Comment 6 Rob Millner 2013-05-28 18:27:17 UTC
Sorry, that should read "most recent gear that exhibits the problem".

Comment 7 Thomas Wiest 2013-05-29 14:20:48 UTC
Last week we were seeing around 4 of these a day. However now, there are far less (although it is still happening).

Since the data he requested is both large and very secret, I've sent Rob an e-mail telling him how he can download it.

Comment 8 Thomas Wiest 2013-05-29 14:30:55 UTC
Removing need info as I gave the info in comment 7.

Comment 9 Rob Millner 2013-05-29 17:25:00 UTC
Taking off the build blocker list but keeping it as the high priority item on my plate.

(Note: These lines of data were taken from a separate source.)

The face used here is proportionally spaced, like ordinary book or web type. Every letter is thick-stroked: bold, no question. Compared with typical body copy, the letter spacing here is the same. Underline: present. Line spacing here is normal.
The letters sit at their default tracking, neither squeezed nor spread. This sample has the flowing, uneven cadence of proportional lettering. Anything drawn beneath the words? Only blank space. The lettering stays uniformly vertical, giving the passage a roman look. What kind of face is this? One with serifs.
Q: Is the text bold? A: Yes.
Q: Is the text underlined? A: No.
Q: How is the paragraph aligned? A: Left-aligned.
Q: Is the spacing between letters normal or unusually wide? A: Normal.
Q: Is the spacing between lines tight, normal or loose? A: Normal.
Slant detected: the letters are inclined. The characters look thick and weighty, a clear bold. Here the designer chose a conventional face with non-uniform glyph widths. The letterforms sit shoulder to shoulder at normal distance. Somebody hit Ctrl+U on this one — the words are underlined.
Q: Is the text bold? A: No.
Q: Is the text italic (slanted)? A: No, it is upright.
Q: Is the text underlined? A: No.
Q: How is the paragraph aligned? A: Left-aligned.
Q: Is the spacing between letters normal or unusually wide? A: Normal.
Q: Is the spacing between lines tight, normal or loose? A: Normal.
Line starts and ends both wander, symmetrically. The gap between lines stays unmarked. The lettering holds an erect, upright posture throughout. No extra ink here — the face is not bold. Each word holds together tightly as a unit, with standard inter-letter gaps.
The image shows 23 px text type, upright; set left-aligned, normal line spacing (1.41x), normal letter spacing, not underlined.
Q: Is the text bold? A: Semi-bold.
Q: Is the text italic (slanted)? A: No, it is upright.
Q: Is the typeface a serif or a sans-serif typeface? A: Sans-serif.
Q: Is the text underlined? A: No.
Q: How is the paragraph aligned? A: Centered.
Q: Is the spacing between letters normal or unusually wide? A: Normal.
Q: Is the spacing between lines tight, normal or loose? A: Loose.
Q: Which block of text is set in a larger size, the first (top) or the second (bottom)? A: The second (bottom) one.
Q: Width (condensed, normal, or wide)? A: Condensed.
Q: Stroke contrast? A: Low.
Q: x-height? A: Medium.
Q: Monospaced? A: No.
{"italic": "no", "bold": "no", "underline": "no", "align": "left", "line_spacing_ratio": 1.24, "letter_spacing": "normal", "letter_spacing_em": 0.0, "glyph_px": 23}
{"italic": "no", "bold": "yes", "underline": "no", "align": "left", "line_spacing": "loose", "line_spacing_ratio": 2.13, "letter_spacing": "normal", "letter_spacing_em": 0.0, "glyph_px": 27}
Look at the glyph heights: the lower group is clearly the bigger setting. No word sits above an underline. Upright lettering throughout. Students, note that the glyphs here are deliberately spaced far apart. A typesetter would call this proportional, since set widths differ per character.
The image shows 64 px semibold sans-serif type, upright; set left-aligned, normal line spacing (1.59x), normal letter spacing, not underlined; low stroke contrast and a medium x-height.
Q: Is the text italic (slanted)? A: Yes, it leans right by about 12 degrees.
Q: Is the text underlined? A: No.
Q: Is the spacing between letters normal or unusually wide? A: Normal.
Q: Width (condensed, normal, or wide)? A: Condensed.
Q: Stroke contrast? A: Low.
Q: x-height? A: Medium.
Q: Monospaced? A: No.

Comment 10 Rob Millner 2013-05-29 20:40:06 UTC
Complete system logs were provided for a specific gear and it was determined that the gear account was removed by hand (ex: by calling userdel XXXXXXXXXXXX).  This would leave a stale front-end Apache configuration in place.  I have a query out to find out more about why the gear was deleted.

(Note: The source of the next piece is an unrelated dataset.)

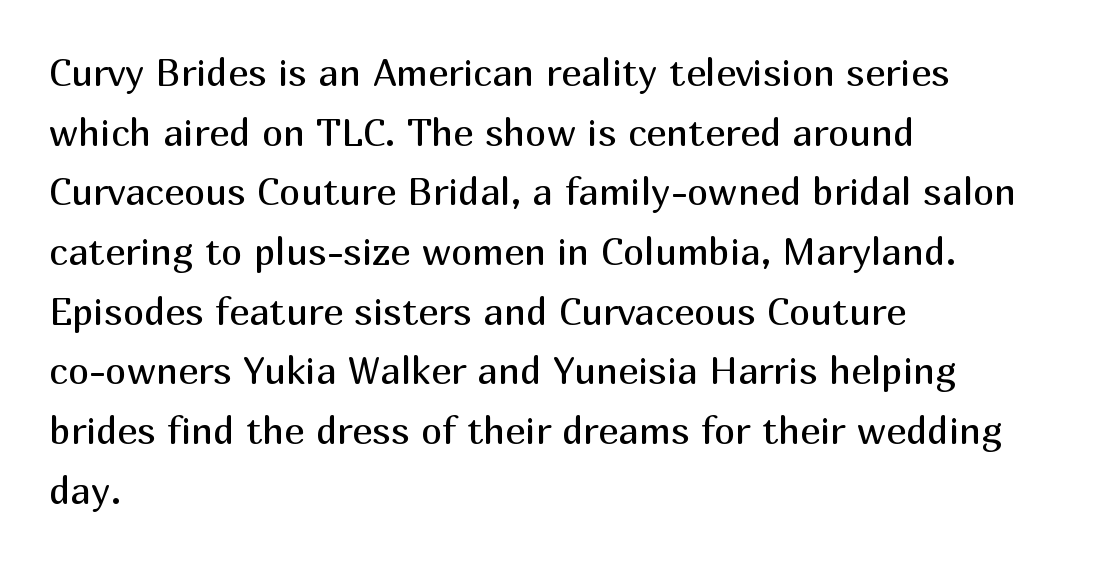
{"serif": "no", "italic": "no", "bold": "no", "weight": "regular", "width": "normal", "stroke_contrast": "medium", "x_height": "medium", "monospaced": "no", "underline": "no", "align": "left", "line_spacing": "normal", "line_spacing_ratio": 1.57, "letter_spacing": "normal", "letter_spacing_em": 0.0, "glyph_px": 38}
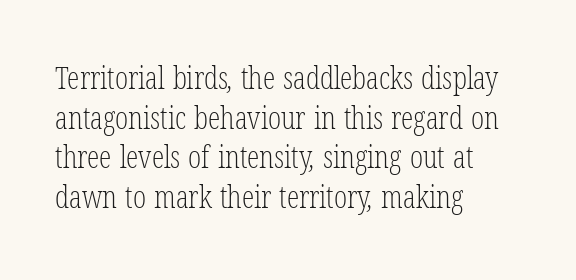
{"serif": "yes", "bold": "no", "weight": "light", "width": "condensed", "stroke_contrast": "low", "x_height": "medium", "monospaced": "no", "underline": "no", "align": "left", "line_spacing": "normal", "line_spacing_ratio": 1.28, "letter_spacing": "normal", "letter_spacing_em": 0.0, "glyph_px": 31}

Comment 11 Rob Millner 2013-05-30 00:08:50 UTC
It looks like the broker purged the application in question from mongodb when the application connector hooks failed to run.

Release ticket updated to request the use of oo-app-destroy instead of userdel to purge stale gears.

Waiting on more information to see why the application hook calls failed.

Comment 13 Rob Millner 2013-05-30 19:06:49 UTC
Need another gear which has a stale front-end configuration but was not destroyed by ops with "userdel".

Comment 14 Rob Millner 2013-06-07 22:44:46 UTC
Second round of fixes to this class of issue were to fix problems in oo-accept-node resulting from the v1 -> v2 migration.

https://github.com/openshift/origin-server/pull/2780

Comment 15 Rob Millner 2013-06-10 17:40:55 UTC
This is impossible to Q/E so I'm moving it directly to closed.  Please re-open if a large number of then show up, otherwise, we'll deal with small numbers of them as they happen.